All I remember starts from Thursday morning. Our apartment—made up of a room, kitchen, and a toilet—was occupied by me, Abidemi and Sister Dayo. I’m not sure our last roommate Ebun Idowu was with us at this point. As there was no bed frame, the mattress had been placed on the floor. We liked it that way, anyway. That Thursday, I had a lecture for noon, but I was unable to get out of bed. When I told Abidemi that I could not stand, she thought I was joking. Everyone laughed, me inclusive. At that point, I didn’t count it as anything serious. At 8 a.m., I made the second attempt to get out of bed but failed. The third attempt at 9 a.m. also failed. Around 10 a.m., it became obvious that something was wrong, because by this time, I would have started to prepare for my lecture, made a meal, or at least taken a shower or done my makeup; but I was still on the bed.

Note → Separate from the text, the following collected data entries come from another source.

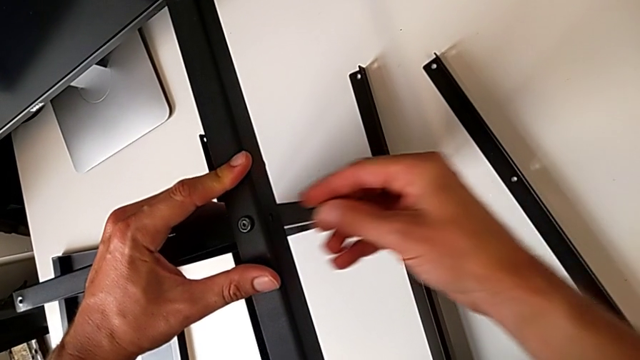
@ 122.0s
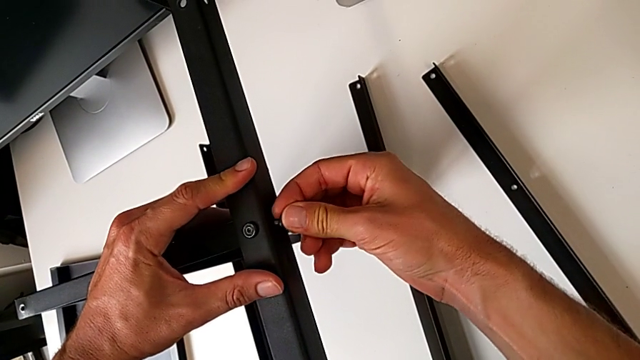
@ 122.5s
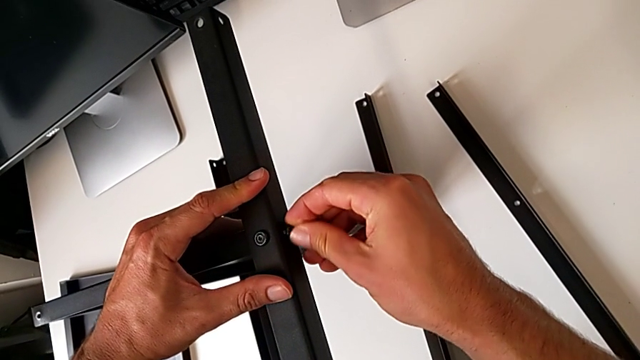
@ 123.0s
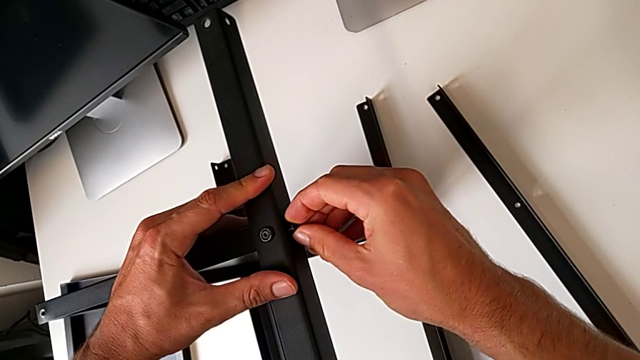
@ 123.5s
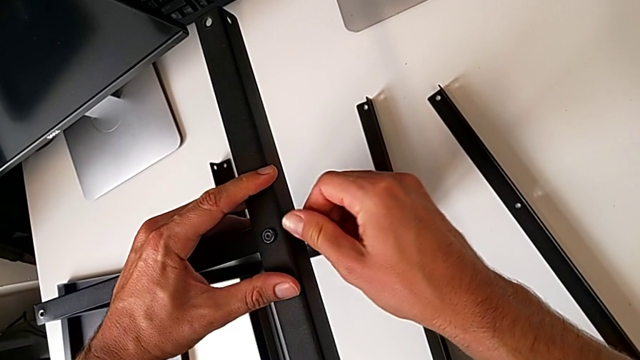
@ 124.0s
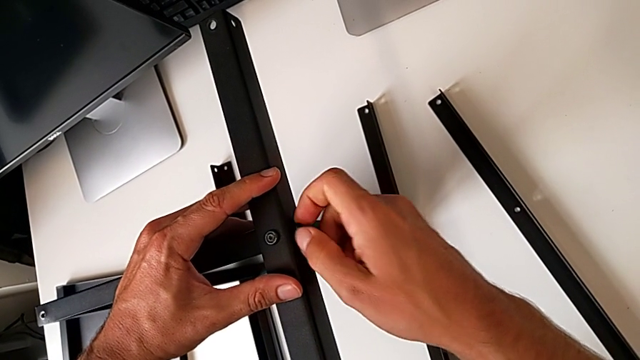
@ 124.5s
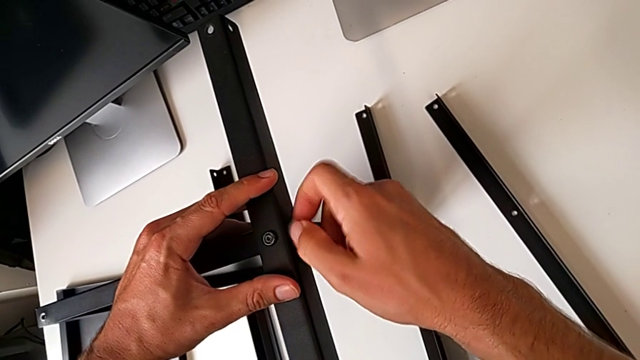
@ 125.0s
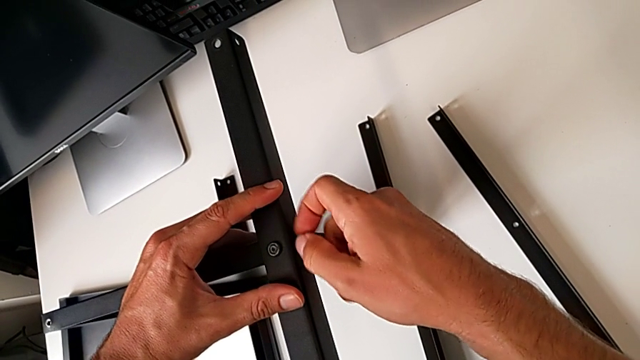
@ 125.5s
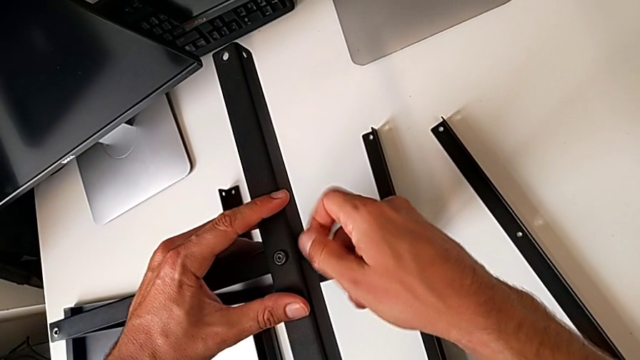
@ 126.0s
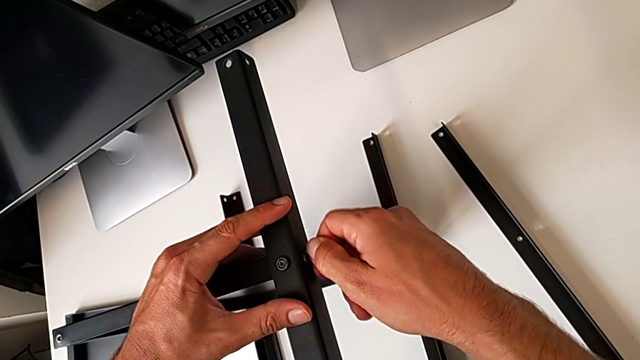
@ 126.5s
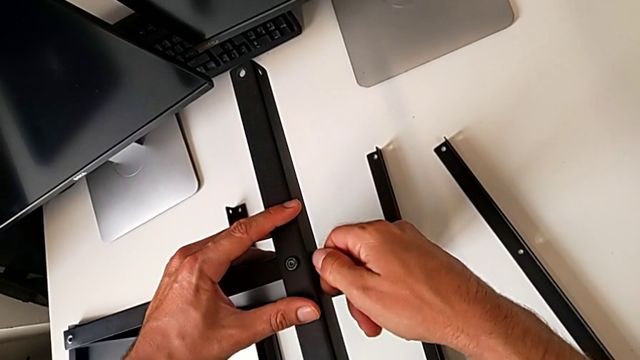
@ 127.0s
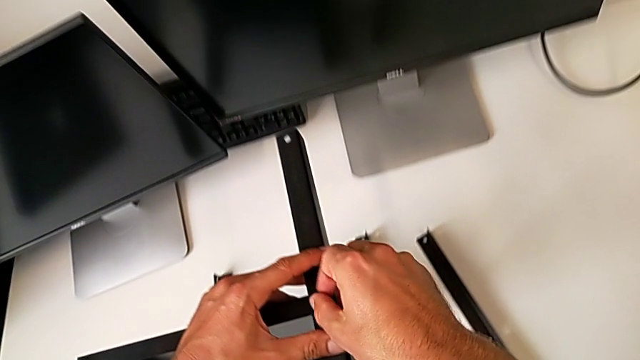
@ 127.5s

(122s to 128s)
The camera wearer is assembling the third leg on the shelf. They keep screwing the second hex socket head.

It was then that Abidemi realized that I might be telling the truth about my inability to get out of bed. Tayo Akindele, another friend of mine who had a car planned to pick me on his way to school. I think Sister Dayo called to tell him that she needed him to come pick me, as no one knew why I could not get out of bed. We were not sure whether to go to the nearest hospital or Lagos. When Tayo arrived at my hostel, he carried me to his car and drove to Lagos.

There was no one at home when we arrived. As my parents were unaware that I was coming home and I didn’t have spare keys to the house, I had to stay at Joke Ojo’s house. From there, I phoned my parents to inform them of where I was and what had happened.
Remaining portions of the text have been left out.